4. Through their direct effect on insulin and blood sugar, refined carbohydrates, starches, and sugars are the dietary cause of coronary heart disease and diabetes. They are most likely dietary causes of cancer, Alzheimer’s disease, and the other chronic diseases of civilization.
5. Obesity is a disorder of excess fat accumulation, not overeating, and not sedentary behavior
6. Consuming excess calories does not cause us to grow fatter, any more than it causes a child to grow taller. Expending more energy than we consume does not lead to long term weight loss; it leads to hunger.

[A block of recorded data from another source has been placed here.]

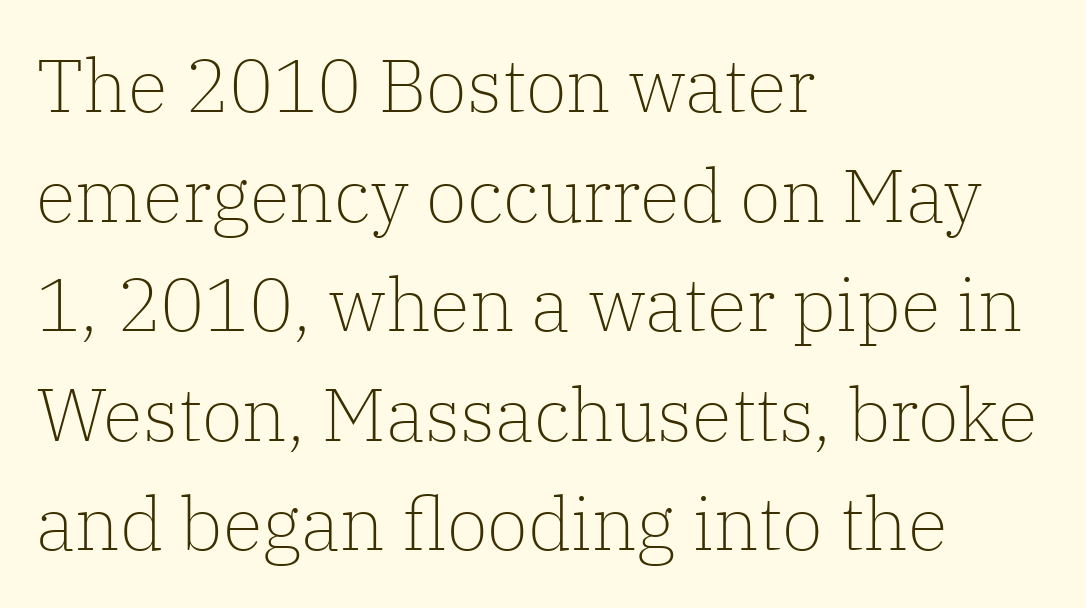
Notice how the passage keeps a crisp vertical edge on the left only. Little horizontal feet cap the strokes, marking this as serif type. This is the regular roman posture of the typeface. Is there much room between lines? A standard amount, neither cramped nor airy.
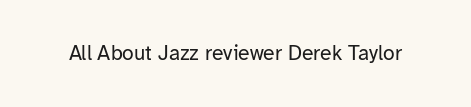
Q: Is the text bold? A: No.
Q: Is the text italic (slanted)? A: No, it is upright.
Q: Is the text underlined? A: No.
Q: Is the spacing between letters normal or unusually wide? A: Normal.
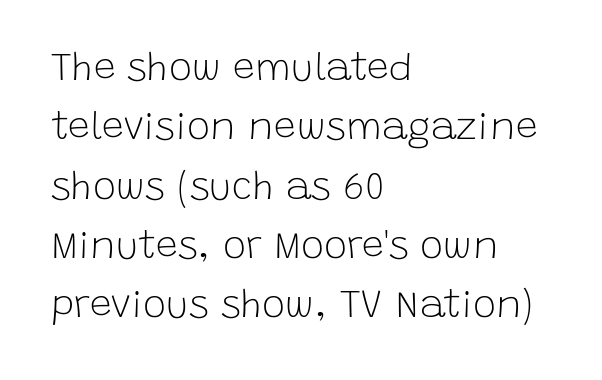
Q: Is the text bold? A: No.
Q: Is the text italic (slanted)? A: No, it is upright.
Q: Is the typeface a serif or a sans-serif typeface? A: Sans-serif.
Q: Is the text underlined? A: No.
Q: How is the paragraph aligned? A: Left-aligned.
Q: Is the spacing between letters normal or unusually wide? A: Normal.
Q: Is the spacing between lines tight, normal or loose? A: Normal.
Q: Width (condensed, normal, or wide)? A: Normal.
Q: Stroke contrast? A: Low.
Q: x-height? A: Large.
Q: Monospaced? A: No.
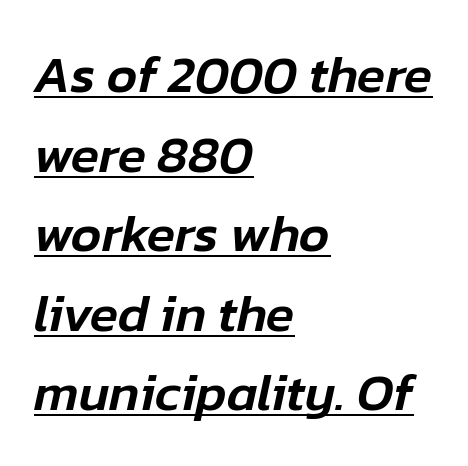
The image shows 52 px text type, italic (leaning right); set left-aligned, normal line spacing (1.53x), normal letter spacing, underlined; low stroke contrast and a medium x-height.
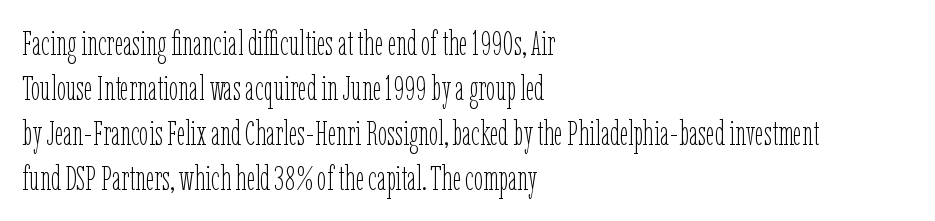
{"italic": "no", "bold": "no", "weight": "thin", "width": "condensed", "stroke_contrast": "low", "x_height": "medium", "monospaced": "no", "underline": "no", "align": "left", "line_spacing": "normal", "line_spacing_ratio": 1.32, "letter_spacing": "normal", "letter_spacing_em": 0.0, "glyph_px": 34}
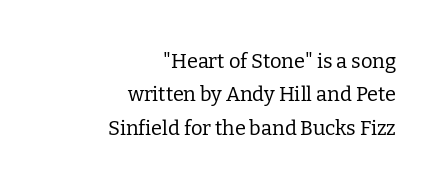
{"italic": "no", "bold": "no", "underline": "no", "align": "right", "line_spacing": "normal", "line_spacing_ratio": 1.67, "letter_spacing": "normal", "letter_spacing_em": 0.0, "glyph_px": 20}
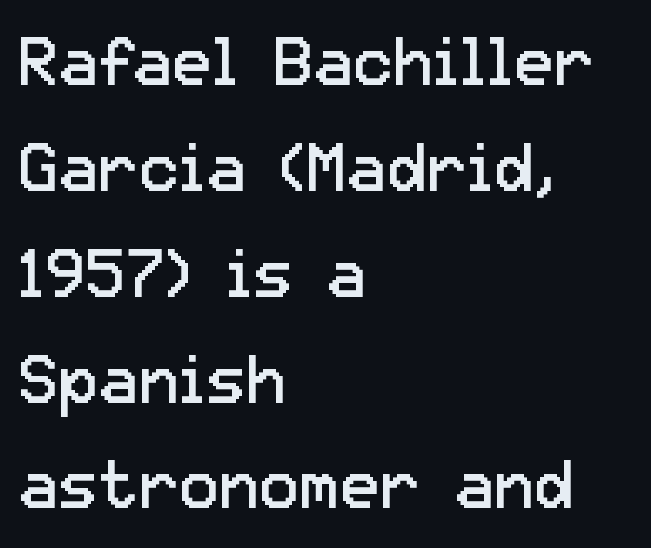
The lettering holds an erect, upright posture throughout. Whoever set this chose a conventional vertical rhythm. Line beginnings align vertically; line endings do not. The weight would be labelled regular, book, light, or lighter still.
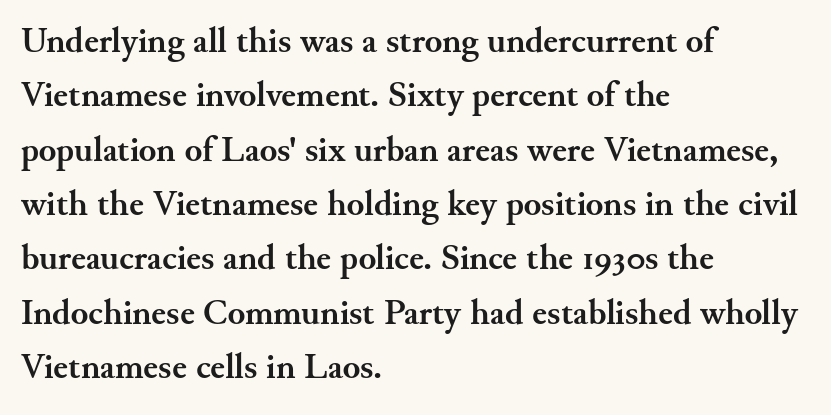
Compared with a centered layout, this one pins lines to the left instead. The font family rendered here belongs to the serif group. Vertically, the passage feels balanced, rows spaced as you'd expect. The typography opts for an upright posture over an oblique one.
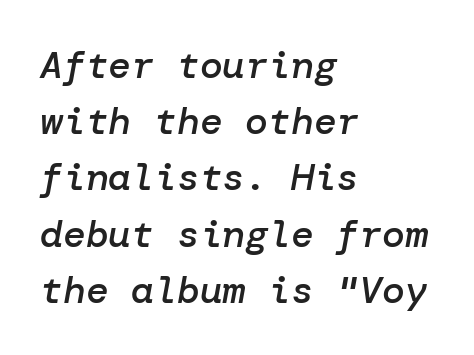
{"italic": "yes", "lean": "right", "slant_degrees": 10, "bold": "semi", "weight": "semibold", "width": "normal", "stroke_contrast": "low", "x_height": "medium", "underline": "no", "align": "left", "line_spacing": "normal", "line_spacing_ratio": 1.48, "letter_spacing": "normal", "letter_spacing_em": 0.0, "glyph_px": 38}

7. Fattening and obesity are caused by an imbalance — a disequilibrium — in the hormonal regulation of adipose tissue and fat metabolism. Fat synthesis and storage exceed the mobilization of fat from the adipose tissue and its subsequent oxidation. We become leaner when the hormonal regulation of the fat tissue reverses this balance.
8. Insulin is the primary regulator of fat storage. When insulin levels are elevated — either chronically or after a meal — we accumulate fat in our fat tissue. When insulin levels fall, we release fat from our fat tissue and use it for fuel.
9. By stimulating insulin secretion, carbohydrates make us fat and ultimately cause obesity. The fewer carbohydrates we consume, the leaner we will be.
10. By driving fat accumulation, carbohydrates also increase hunger and decrease the amount of energy we expend in metabolism and physical activity.
What is mind blowing about this is that we still have doctors today who will prescribe a high carbohydrate low fat diet for their patients.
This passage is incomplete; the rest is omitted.